Но вот Перовская увидела, что царь бьется в конвульсиях… Какие-то люди подняли его, положили в сани и повезли. Ей хотелось бежать к месту катастрофы, чтоб оказать помощь лежавшему на снегу Гриневицкому – ведь она была медицинской сестрой, но видя, что раненых подбирают и уносят в Конюшенный госпиталь, Перовская вспомнила о главном – о царе. "Неужели он жив? Неужели его спасут? Чего же смотрят и ждут остальные метальщики?"
С другой стороны канала отчетливо были слышны голоса толпы. Перовская прислушалась:
– Государя убили! Чего спрашивать?
– Повезли во дворец, может, спасут…
– Какое! Весь кровью изошел…
Чтоб знать наверное, что с царем, Перовская поспешила на Дворцовую площадь, куда уже со всего Петербурга сбегался народ.
Когда она дошла до Дворцовой, здание Зимнего было оцеплено войсками и жандармами. Близко никого не подпускали, кроме карет с гербами и ливрейными лакеями. Кареты съезжались к Салтыковскому подъезду.
Перовская, затерявшись в толпе, жадно прислушивалась к разговорам и пыталась продвинуться ближе к дворцу.
В толпе отрывочными фразами говорили о двух взрывах и поимке террориста, о том, что государю оторвало ноги, и о том, что наследник-цесаревич ужо прискакал в Зимний. Ни ликования, ни радости, ни возмущения никто не выражал. Большинство равнодушно молчали и бесстрастно ждали, что будет дальше.
Когда спускали флаг, по толпе пополз шепот:
– Тише, флаг спускают… кончился, должно…
– Ох, убили! Кончился наш голубчик, – запричитала какая-то купчиха.
– Ишь, заныла, сердобольная, – зло огрызнулся рыжеватый парень в сером башлыке поверх ушанки. – Не голубчик, а коршун кончился… коршун-стервятник. Надо бога благодарить, что добрые люди убили лиходея…
– Ты как посмел? Ты кого костишь, паршивец! – срываясь на визг, закричал старик в старомодной шинели. – Эй, молодцы-жандармы, хватайте его – это якобинец!
Двое верзил в синих шинелях, дыша паром, бросились на крик, но парень уже скрылся в толпе.
– Где смутьян? Куда каторжник скрылся?
– Вона в толпе маячит, – указал старичок, – вон серый башлык.
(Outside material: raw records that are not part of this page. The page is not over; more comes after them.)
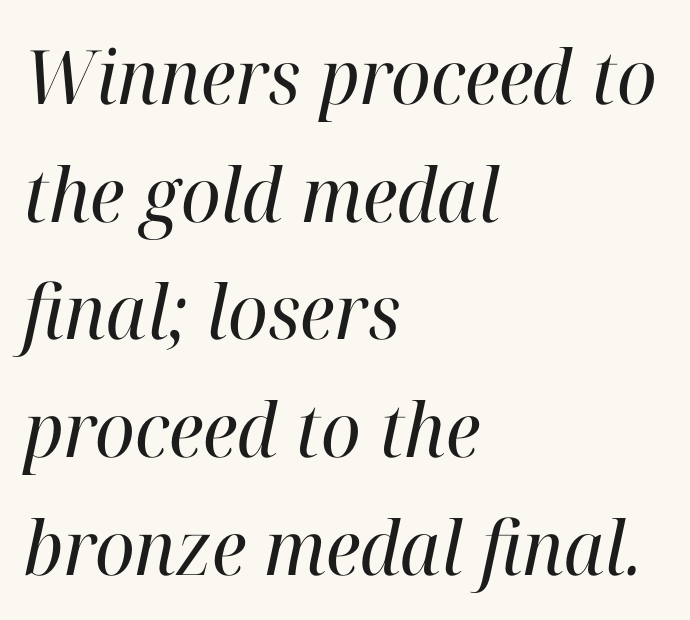
Q: Is the text bold? A: No.
Q: Is the text italic (slanted)? A: Yes, it leans right by about 12 degrees.
Q: Is the typeface a serif or a sans-serif typeface? A: Serif.
Q: Is the text underlined? A: No.
Q: How is the paragraph aligned? A: Left-aligned.
Q: Is the spacing between letters normal or unusually wide? A: Normal.
Q: Is the spacing between lines tight, normal or loose? A: Normal.
Q: Width (condensed, normal, or wide)? A: Normal.
Q: Stroke contrast? A: High.
Q: x-height? A: Medium.
Q: Monospaced? A: No.

– А ну, раздайся! – дико закричал черноусый жандарм и, работая локтями, пошел сквозь толпу.
– Но, но, не нажимай, а то по мордам начнем бить, – свирепо рычал другой, пробираясь следом.
– Братцы, не выдай! – взмолился парень и, сорвав башлык, присел, затерялся в толпе.
– Держите его, держите ка-на-ль… Ох, не давите, сволочи… Ох, мочи нет… Гав-ри-ла!
Второй жандарм, сдавленный со всех сторон, только прохрипел что-то невнятное…
Царский флаг медленно опускался. Толпа смотрела на него равнодушно. Никто не плакал.
– Гав-ри-ла! – снова, но уже более глухо прокричал жандарм. На него зашикали. Он пытался повернуться и не смог. Злобно крякнул и замолчал.
Заметив, что к Зимнему подходят войска, толпа начала медленно расходиться. Жандармов отпустили, и те остервенело стали пробиваться вперед, надеясь схватить бунтовщика. Но серого башлыка уже не было видно…
А войска все стягивались и стягивались к Зимнему.
"Что же будет? – думала Перовская, возвращаясь домой. – На смену Александру II придет Александр III, и все начнется сначала? Народ безмолвствует… У нас не было сил организовать восстание, но хоть горячим словом всколыхнуть толпу мы были обязаны. Ах, если б был Желябов! Если б его можно было освободить…" – с этой мыслью Перовская пришла на тайную квартиру Исполнительного комитета.
– Соня! Ты жива? Слава богу! – бросилась к ней Фигнер. – Ну что? Говорят, царь лишь тяжело ранен?
– Кончился. На Зимнем опустили флаг.
– Слава богу! Значит, победа!
– Нет, это еще не победа, друзья. Я видела толпу – народ безмолвствует. Да, да, безмолвствует. А новый царь, которому уже присягают в церквах, стягивает к Зимнему войска. Мы не должны обольщать себя, мы должны действовать.
– А что делать?
– Надо организовать новое покушение, запугать правительство, освободить Желябова, поднять народ.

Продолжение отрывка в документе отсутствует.